The assumption that the contents of short-term or working memory decay over time, unless decay is prevented by rehearsal, goes back to the early days of experimental research on short-term memory. It is also an important assumption in the multi-component theory of working memory. The most elaborate decay-based theory of working memory to date is the "time-based resource sharing model". This theory assumes that representations in working memory decay unless they are refreshed. Refreshing them requires an attentional mechanism that is also needed for any concurrent processing task. When there are small time intervals in which the processing task does not require attention, this time can be used to refresh memory traces. The theory therefore predicts that the amount of forgetting depends on the temporal density of attentional demands of the processing task—this density is called "cognitive load". The cognitive load depends on two variables, the rate at which the processing task requires individual steps to be carried out, and the duration of each step. For example, if the processing task consists of adding digits, then having to add another digit every half second places a higher cognitive load on the system than having to add another digit every two seconds. In a series of experiments, Barrouillet and colleagues have shown that memory for lists of letters depends neither on the number of processing steps nor the total time of processing but on cognitive load.

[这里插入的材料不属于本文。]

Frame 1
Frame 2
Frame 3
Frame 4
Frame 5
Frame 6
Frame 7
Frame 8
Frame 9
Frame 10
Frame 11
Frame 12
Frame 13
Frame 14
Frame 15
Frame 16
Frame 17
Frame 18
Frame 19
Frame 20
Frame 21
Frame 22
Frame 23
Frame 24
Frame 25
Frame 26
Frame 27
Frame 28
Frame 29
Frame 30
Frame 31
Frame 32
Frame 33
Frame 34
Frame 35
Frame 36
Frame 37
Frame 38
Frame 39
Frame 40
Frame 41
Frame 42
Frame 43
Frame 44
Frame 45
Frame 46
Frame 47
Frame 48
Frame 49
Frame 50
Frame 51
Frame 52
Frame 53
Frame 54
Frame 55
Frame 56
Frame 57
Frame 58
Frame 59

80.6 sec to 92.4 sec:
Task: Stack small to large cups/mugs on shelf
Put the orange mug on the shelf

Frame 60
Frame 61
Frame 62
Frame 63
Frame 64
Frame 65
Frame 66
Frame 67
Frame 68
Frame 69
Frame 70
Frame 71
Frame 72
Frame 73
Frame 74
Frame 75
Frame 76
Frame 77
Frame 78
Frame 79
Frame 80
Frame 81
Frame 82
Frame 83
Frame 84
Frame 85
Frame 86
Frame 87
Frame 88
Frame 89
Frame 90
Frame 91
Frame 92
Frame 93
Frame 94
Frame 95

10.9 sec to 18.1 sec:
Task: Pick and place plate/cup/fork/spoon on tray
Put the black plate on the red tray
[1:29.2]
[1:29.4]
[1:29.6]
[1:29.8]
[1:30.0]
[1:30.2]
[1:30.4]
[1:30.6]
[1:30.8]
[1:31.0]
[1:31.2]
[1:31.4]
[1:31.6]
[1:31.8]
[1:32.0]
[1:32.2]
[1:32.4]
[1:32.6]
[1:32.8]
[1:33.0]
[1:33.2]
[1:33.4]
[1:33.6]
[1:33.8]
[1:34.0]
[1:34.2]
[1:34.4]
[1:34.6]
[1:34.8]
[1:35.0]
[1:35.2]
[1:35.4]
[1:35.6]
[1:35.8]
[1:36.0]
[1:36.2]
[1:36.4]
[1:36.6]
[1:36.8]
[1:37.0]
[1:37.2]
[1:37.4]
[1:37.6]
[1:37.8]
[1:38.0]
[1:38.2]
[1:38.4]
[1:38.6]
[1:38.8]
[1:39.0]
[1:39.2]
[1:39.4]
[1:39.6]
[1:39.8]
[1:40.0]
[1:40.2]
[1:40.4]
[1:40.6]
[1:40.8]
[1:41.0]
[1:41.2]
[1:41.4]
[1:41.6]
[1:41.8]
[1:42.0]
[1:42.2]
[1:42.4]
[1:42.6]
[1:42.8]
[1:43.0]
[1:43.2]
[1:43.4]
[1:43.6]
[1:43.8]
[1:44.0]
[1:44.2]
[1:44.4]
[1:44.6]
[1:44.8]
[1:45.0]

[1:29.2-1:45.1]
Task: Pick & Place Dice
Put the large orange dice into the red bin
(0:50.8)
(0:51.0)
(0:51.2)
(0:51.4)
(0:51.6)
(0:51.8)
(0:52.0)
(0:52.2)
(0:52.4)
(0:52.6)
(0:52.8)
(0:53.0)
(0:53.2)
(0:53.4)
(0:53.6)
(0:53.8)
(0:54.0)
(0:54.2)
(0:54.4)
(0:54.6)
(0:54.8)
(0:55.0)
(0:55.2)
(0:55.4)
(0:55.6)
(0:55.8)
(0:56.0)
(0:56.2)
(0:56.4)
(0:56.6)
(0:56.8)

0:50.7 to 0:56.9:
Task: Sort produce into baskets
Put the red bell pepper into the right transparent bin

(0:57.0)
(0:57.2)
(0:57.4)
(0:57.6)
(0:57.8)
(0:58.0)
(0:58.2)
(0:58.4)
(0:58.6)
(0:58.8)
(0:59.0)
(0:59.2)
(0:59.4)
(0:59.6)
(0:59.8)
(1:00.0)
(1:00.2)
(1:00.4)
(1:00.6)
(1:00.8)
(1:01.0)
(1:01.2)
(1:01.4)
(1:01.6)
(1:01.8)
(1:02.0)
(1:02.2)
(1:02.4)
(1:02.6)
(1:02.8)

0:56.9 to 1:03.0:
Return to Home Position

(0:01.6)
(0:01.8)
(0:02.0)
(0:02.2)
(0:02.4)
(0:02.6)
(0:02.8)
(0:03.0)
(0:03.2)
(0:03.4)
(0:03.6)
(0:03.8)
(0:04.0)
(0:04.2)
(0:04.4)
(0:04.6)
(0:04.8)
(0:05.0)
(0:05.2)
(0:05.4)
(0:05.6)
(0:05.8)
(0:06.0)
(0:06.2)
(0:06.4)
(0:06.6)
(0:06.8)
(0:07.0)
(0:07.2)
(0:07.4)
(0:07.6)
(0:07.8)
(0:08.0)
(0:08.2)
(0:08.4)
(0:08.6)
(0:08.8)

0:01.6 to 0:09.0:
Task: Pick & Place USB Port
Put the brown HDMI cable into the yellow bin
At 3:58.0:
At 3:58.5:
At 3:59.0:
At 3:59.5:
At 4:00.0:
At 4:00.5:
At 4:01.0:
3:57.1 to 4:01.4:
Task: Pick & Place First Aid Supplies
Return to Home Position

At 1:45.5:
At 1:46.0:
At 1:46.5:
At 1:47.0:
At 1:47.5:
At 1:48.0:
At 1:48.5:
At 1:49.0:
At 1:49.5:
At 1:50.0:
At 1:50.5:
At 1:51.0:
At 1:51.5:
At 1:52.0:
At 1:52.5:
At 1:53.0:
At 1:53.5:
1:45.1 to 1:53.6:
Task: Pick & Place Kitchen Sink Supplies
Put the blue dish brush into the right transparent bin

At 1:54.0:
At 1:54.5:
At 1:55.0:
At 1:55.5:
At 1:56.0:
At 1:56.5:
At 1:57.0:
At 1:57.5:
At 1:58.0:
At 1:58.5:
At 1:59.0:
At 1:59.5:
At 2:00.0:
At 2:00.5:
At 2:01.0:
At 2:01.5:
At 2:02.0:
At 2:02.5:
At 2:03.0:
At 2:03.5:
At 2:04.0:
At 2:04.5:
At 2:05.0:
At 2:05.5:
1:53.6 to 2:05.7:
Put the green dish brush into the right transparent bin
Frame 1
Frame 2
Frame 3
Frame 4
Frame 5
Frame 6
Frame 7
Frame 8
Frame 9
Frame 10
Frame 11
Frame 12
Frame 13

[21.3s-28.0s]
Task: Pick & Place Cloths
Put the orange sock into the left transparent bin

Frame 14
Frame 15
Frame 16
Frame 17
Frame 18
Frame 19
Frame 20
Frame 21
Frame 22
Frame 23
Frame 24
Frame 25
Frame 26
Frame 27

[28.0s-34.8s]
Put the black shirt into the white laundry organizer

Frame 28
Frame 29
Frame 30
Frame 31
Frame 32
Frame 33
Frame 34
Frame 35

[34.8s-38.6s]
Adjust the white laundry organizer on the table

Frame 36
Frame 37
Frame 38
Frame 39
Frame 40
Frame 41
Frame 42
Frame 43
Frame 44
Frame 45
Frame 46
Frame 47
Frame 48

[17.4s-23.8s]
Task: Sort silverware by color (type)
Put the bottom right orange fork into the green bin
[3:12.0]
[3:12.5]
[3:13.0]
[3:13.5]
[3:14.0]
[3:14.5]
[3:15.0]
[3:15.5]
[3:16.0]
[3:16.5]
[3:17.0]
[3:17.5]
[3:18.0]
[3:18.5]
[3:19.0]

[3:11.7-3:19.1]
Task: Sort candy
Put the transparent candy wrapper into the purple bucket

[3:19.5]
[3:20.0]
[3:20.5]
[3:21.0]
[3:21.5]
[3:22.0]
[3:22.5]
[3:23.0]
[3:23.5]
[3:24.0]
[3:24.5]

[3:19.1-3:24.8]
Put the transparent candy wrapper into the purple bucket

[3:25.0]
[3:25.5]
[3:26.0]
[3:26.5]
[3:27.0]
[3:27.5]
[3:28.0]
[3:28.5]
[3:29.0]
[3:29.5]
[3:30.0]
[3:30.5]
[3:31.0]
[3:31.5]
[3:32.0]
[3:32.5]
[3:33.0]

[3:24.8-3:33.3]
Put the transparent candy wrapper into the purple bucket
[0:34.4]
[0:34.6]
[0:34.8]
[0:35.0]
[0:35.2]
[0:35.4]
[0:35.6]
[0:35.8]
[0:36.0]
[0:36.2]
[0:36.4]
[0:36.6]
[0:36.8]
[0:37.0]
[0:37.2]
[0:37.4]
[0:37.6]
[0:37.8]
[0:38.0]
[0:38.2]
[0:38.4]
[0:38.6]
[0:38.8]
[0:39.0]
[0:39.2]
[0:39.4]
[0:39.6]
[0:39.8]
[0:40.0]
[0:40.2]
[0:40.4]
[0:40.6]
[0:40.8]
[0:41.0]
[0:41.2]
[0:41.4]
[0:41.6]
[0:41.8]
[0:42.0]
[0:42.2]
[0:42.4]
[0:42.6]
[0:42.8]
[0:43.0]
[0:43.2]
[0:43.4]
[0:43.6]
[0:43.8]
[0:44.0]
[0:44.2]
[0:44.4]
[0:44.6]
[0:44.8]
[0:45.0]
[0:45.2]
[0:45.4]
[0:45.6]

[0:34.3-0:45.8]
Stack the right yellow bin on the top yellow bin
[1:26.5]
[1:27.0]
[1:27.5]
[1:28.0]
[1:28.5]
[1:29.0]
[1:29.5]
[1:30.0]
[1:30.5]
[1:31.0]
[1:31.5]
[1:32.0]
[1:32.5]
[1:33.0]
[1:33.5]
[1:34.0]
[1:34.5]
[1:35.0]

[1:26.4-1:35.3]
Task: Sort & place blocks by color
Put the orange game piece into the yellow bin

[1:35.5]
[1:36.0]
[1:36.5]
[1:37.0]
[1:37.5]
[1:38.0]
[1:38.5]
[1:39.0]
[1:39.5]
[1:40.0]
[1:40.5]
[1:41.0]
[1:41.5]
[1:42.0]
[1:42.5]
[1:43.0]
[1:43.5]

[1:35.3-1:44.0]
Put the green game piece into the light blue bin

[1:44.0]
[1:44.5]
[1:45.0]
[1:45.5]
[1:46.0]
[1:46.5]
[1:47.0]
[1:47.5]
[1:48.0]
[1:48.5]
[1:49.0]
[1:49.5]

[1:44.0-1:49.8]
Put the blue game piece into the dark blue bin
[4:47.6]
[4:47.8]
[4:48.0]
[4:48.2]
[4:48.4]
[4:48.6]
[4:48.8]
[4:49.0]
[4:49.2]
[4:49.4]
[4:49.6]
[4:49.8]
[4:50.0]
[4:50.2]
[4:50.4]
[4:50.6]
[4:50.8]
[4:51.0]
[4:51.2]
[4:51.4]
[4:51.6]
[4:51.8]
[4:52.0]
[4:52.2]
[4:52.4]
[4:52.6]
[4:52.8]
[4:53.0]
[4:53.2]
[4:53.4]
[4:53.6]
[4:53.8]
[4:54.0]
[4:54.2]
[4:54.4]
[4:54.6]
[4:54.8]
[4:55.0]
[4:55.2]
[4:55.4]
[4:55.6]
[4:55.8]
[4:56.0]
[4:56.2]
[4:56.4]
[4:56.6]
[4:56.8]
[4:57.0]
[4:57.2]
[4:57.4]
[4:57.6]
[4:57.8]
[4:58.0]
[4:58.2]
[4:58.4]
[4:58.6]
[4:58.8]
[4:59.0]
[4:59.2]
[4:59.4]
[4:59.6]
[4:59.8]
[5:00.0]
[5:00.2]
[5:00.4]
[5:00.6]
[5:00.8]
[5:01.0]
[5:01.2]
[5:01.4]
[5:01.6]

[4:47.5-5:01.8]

短期记忆或工作记忆的内容会随着时间的推移而衰退，除非通过复述来防止衰退，这种假设可追溯到短期记忆早期的实验研究。这也是工作记忆多分量理论中的一个重要假设。迄今为止，最详尽的基于衰减假设的工作记忆理论是“基于时间的资源共享模型”。这个理论假设工作记忆中不断衰退的表征需要刷新维持，而刷新需要注意力机制，而注意力又对于任何并发进程任务都是必需的。当进程任务存在不需要注意力的微小时间间隔时，该时间可刷新记忆痕迹。因此，该理论预测遗忘量取决于进程任务临时所需注意力的密度，这种密度叫做“认知负荷”。认知负荷取决于两个变量，一是进程任务需要单个步骤执行的速率，二是每个步骤的持续时间。例如，如果处理任务包括添加数字，那么每半秒添加一个数字会比每两秒添加一个数字给系统带来更大的认知负荷。在一系列的实验中，巴鲁耶 Barrouillet 及其同事已证明字母列表的记忆并不取决于处理步骤数量或者处理总时间，而是取决于认知负荷。

短期记忆或工作记忆的内容会随着时间的推移而衰退，除非通过刷新来防止衰退，这种假设可追溯到短期记忆早期的实验研究。这也是工作记忆多分量理论中的一个重要假设。迄今为止，最详尽的基于衰减假设的工作记忆理论是“基于时间的资源共享模型”。这个理论假设工作记忆中不断衰退的表征需要刷新维持，而刷新需要注意力机制，而注意力又对于任何并发进程任务都是必需的。当进程任务存在不需要注意力的微小时间间隔时，该时间可刷新记忆痕迹。因此，该理论预测遗忘量取决于进程任务临时所需注意力的密度，这种密度叫做“认知负荷”。认知负荷取决于两个变量，一是进程任务需要单个步骤执行的速率，二是每个步骤的持续时间。例如，如果处理任务包括添加数字，那么每半秒添加一个数字会比每两秒添加一个数字给系统带来更大的认知负荷。在一系列的实验中，巴鲁耶 Barrouillet 及其同事已证明字母列表的记忆并不取决于处理步骤数量或者处理总时间，而是取决于认知负荷。